Records drawn from a dataset:
------------------------------------------------
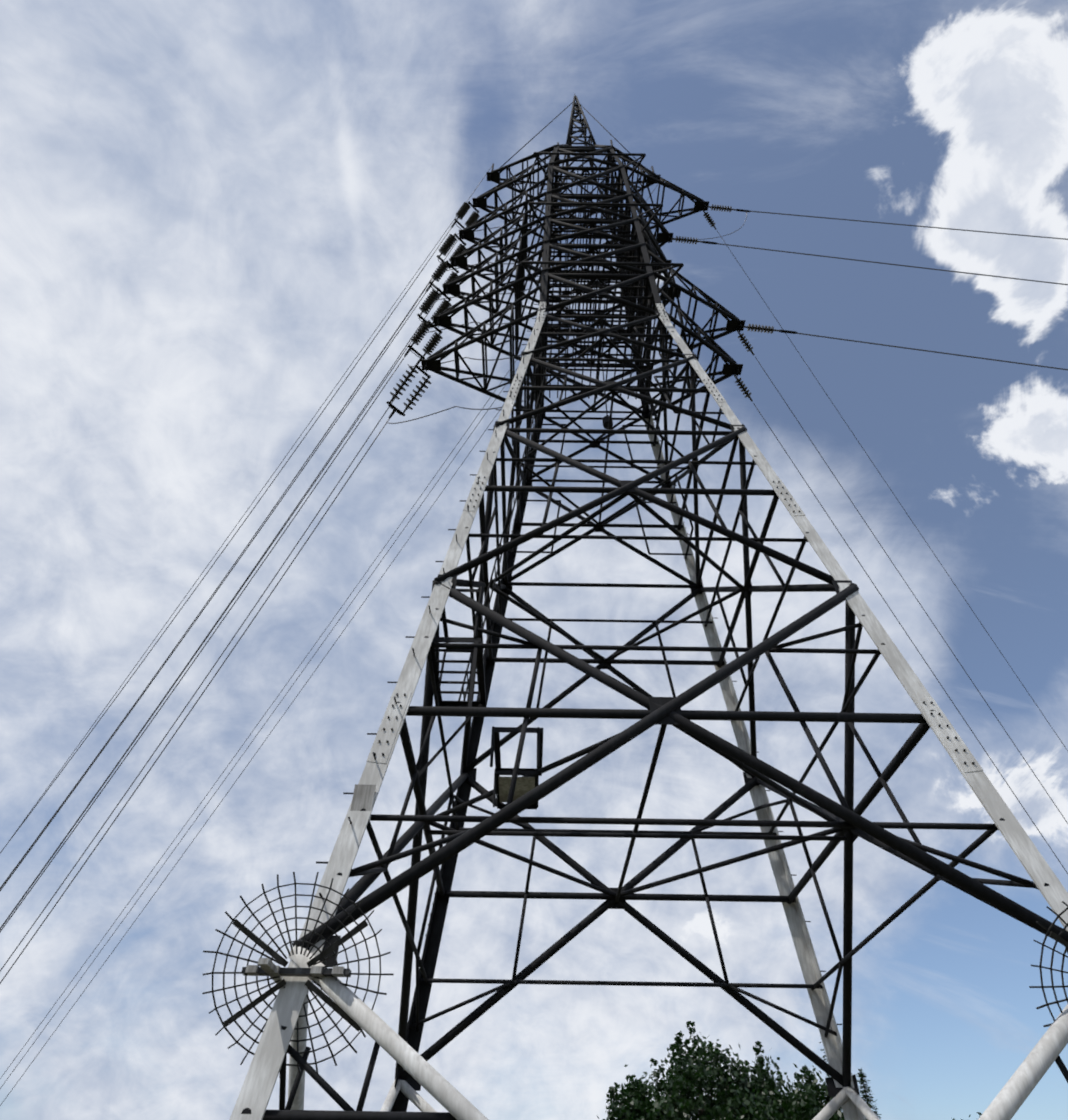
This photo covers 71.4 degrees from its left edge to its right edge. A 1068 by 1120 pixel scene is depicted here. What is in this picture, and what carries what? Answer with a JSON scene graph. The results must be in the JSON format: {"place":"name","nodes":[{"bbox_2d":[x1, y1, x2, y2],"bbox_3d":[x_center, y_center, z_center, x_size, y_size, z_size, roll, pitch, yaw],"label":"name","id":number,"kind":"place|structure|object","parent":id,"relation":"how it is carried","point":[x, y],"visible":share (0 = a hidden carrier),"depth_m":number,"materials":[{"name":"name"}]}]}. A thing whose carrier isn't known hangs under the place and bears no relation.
{"place":"outdoors","nodes":[
{"label":"outdoors","id":0,"kind":"place"},
{"bbox_2d":[0,0,1067,1119],"label":"sky","id":1,"kind":"structure","parent":0,"point":[210,209],"materials":[{"name":"blue"}]},
{"bbox_2d":[229,302,1067,1119],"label":"tower legs","id":2,"kind":"object","parent":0,"point":[287,1010],"visible":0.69,"depth_m":9.10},
{"bbox_2d":[350,784,375,819],"bbox_3d":[-1.946,2.747,8.439,0.240,0.420,0.006,1,-43,0],"label":"metal plate","id":3,"kind":"object","parent":2,"relation":"attached to","point":[363,796],"visible":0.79,"depth_m":8.47,"materials":[{"name":"grey metal"}]},
{"bbox_2d":[316,169,841,1024],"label":"climbing pegs","id":4,"kind":"object","parent":2,"relation":"attached to","point":[444,573],"visible":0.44,"depth_m":13.37,"materials":[{"name":"grey metal"}]},
{"label":"ground","id":5,"kind":"structure","parent":0,"visible":0},
{"bbox_2d":[597,1065,664,1119],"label":"tree","id":6,"kind":"object","parent":5,"relation":"on","point":[638,1093],"visible":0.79,"depth_m":31.57,"materials":[{"name":"green plant"}]},
{"bbox_2d":[241,95,1067,1119],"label":"pylon lattice bracing","id":7,"kind":"object","parent":5,"relation":"on","point":[637,269],"visible":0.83,"depth_m":14.39,"materials":[{"name":"grey metal"}]},
{"bbox_2d":[498,776,534,801],"bbox_3d":[-0.241,3.238,10.470,0.500,0.006,0.800,1,-43,0],"label":"sign","id":8,"kind":"object","parent":7,"relation":"attached to","point":[524,785],"visible":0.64,"depth_m":10.38,"materials":[{"name":"metal"}]},
{"bbox_2d":[390,201,778,412],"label":"insulators","id":9,"kind":"object","parent":7,"relation":"attached to","point":[433,297],"visible":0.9,"depth_m":23.77,"materials":[{"name":"ceramic"}]},
{"bbox_2d":[386,201,797,416],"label":"insulator fittings","id":10,"kind":"object","parent":7,"relation":"attached to","point":[431,325],"visible":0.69,"depth_m":23.90,"materials":[{"name":"metal"}]},
{"bbox_2d":[0,166,1067,1105],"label":"power lines","id":11,"kind":"object","parent":10,"relation":"attached to","point":[381,577],"visible":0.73,"depth_m":24.61,"materials":[{"name":"grey metal"}]},
{"bbox_2d":[202,872,1067,1077],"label":"anti climb spike fans","id":12,"kind":"object","parent":7,"relation":"attached to","point":[297,972],"visible":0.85,"depth_m":6.98,"materials":[{"name":"grey metal"}]},
{"bbox_2d":[245,958,344,983],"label":"anti climb clamps","id":13,"kind":"object","parent":12,"relation":"attached to","point":[269,967],"visible":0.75,"depth_m":6.89,"materials":[{"name":"metal"}]},
{"bbox_2d":[622,1021,792,1119],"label":"tree","id":14,"kind":"object","parent":5,"relation":"on","point":[698,1078],"visible":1,"depth_m":30.17,"materials":[{"name":"green plant"}]},
{"bbox_2d":[729,1041,803,1119],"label":"tree","id":15,"kind":"object","parent":5,"relation":"on","point":[763,1079],"visible":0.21,"depth_m":31.42,"materials":[{"name":"green plant"}]},
{"bbox_2d":[773,1063,870,1119],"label":"tree","id":16,"kind":"object","parent":5,"relation":"on","point":[811,1105],"visible":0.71,"depth_m":29.40,"materials":[{"name":"green plant"}]},
{"bbox_2d":[820,1042,859,1115],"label":"conifer trunk limbs","id":17,"kind":"object","parent":5,"relation":"on","point":[824,1056],"depth_m":30.60,"materials":[{"name":"green plant"}]},
{"bbox_2d":[856,1069,881,1119],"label":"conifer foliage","id":18,"kind":"object","parent":5,"relation":"on","point":[866,1096],"visible":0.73,"depth_m":33.58,"materials":[{"name":"green plant"}]}
]}
------------------------------------------------
To do: Output each line above exactly. Skip the images.

Result of this exercise:
This photo covers 71.4 degrees from its left edge to its right edge. A 1068 by 1120 pixel scene is depicted here. What is in this picture, and what carries what? Answer with a JSON scene graph. The results must be in the JSON format: {"place":"name","nodes":[{"bbox_2d":[x1, y1, x2, y2],"bbox_3d":[x_center, y_center, z_center, x_size, y_size, z_size, roll, pitch, yaw],"label":"name","id":number,"kind":"place|structure|object","parent":id,"relation":"how it is carried","point":[x, y],"visible":share (0 = a hidden carrier),"depth_m":number,"materials":[{"name":"name"}]}]}. A thing whose carrier isn't known hangs under the place and bears no relation.
{"place":"outdoors","nodes":[
{"label":"outdoors","id":0,"kind":"place"},
{"bbox_2d":[0,0,1067,1119],"label":"sky","id":1,"kind":"structure","parent":0,"point":[210,209],"materials":[{"name":"blue"}]},
{"bbox_2d":[229,302,1067,1119],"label":"tower legs","id":2,"kind":"object","parent":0,"point":[287,1010],"visible":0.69,"depth_m":9.10},
{"bbox_2d":[350,784,375,819],"bbox_3d":[-1.946,2.747,8.439,0.240,0.420,0.006,1,-43,0],"label":"metal plate","id":3,"kind":"object","parent":2,"relation":"attached to","point":[363,796],"visible":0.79,"depth_m":8.47,"materials":[{"name":"grey metal"}]},
{"bbox_2d":[316,169,841,1024],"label":"climbing pegs","id":4,"kind":"object","parent":2,"relation":"attached to","point":[444,573],"visible":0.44,"depth_m":13.37,"materials":[{"name":"grey metal"}]},
{"label":"ground","id":5,"kind":"structure","parent":0,"visible":0},
{"bbox_2d":[597,1065,664,1119],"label":"tree","id":6,"kind":"object","parent":5,"relation":"on","point":[638,1093],"visible":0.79,"depth_m":31.57,"materials":[{"name":"green plant"}]},
{"bbox_2d":[241,95,1067,1119],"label":"pylon lattice bracing","id":7,"kind":"object","parent":5,"relation":"on","point":[637,269],"visible":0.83,"depth_m":14.39,"materials":[{"name":"grey metal"}]},
{"bbox_2d":[498,776,534,801],"bbox_3d":[-0.241,3.238,10.470,0.500,0.006,0.800,1,-43,0],"label":"sign","id":8,"kind":"object","parent":7,"relation":"attached to","point":[524,785],"visible":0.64,"depth_m":10.38,"materials":[{"name":"metal"}]},
{"bbox_2d":[390,201,778,412],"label":"insulators","id":9,"kind":"object","parent":7,"relation":"attached to","point":[433,297],"visible":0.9,"depth_m":23.77,"materials":[{"name":"ceramic"}]},
{"bbox_2d":[386,201,797,416],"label":"insulator fittings","id":10,"kind":"object","parent":7,"relation":"attached to","point":[431,325],"visible":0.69,"depth_m":23.90,"materials":[{"name":"metal"}]},
{"bbox_2d":[0,166,1067,1105],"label":"power lines","id":11,"kind":"object","parent":10,"relation":"attached to","point":[381,577],"visible":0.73,"depth_m":24.61,"materials":[{"name":"grey metal"}]},
{"bbox_2d":[202,872,1067,1077],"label":"anti climb spike fans","id":12,"kind":"object","parent":7,"relation":"attached to","point":[297,972],"visible":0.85,"depth_m":6.98,"materials":[{"name":"grey metal"}]},
{"bbox_2d":[245,958,344,983],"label":"anti climb clamps","id":13,"kind":"object","parent":12,"relation":"attached to","point":[269,967],"visible":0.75,"depth_m":6.89,"materials":[{"name":"metal"}]},
{"bbox_2d":[622,1021,792,1119],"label":"tree","id":14,"kind":"object","parent":5,"relation":"on","point":[698,1078],"visible":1,"depth_m":30.17,"materials":[{"name":"green plant"}]},
{"bbox_2d":[729,1041,803,1119],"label":"tree","id":15,"kind":"object","parent":5,"relation":"on","point":[763,1079],"visible":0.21,"depth_m":31.42,"materials":[{"name":"green plant"}]},
{"bbox_2d":[773,1063,870,1119],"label":"tree","id":16,"kind":"object","parent":5,"relation":"on","point":[811,1105],"visible":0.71,"depth_m":29.40,"materials":[{"name":"green plant"}]},
{"bbox_2d":[820,1042,859,1115],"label":"conifer trunk limbs","id":17,"kind":"object","parent":5,"relation":"on","point":[824,1056],"depth_m":30.60,"materials":[{"name":"green plant"}]},
{"bbox_2d":[856,1069,881,1119],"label":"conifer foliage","id":18,"kind":"object","parent":5,"relation":"on","point":[866,1096],"visible":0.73,"depth_m":33.58,"materials":[{"name":"green plant"}]}
]}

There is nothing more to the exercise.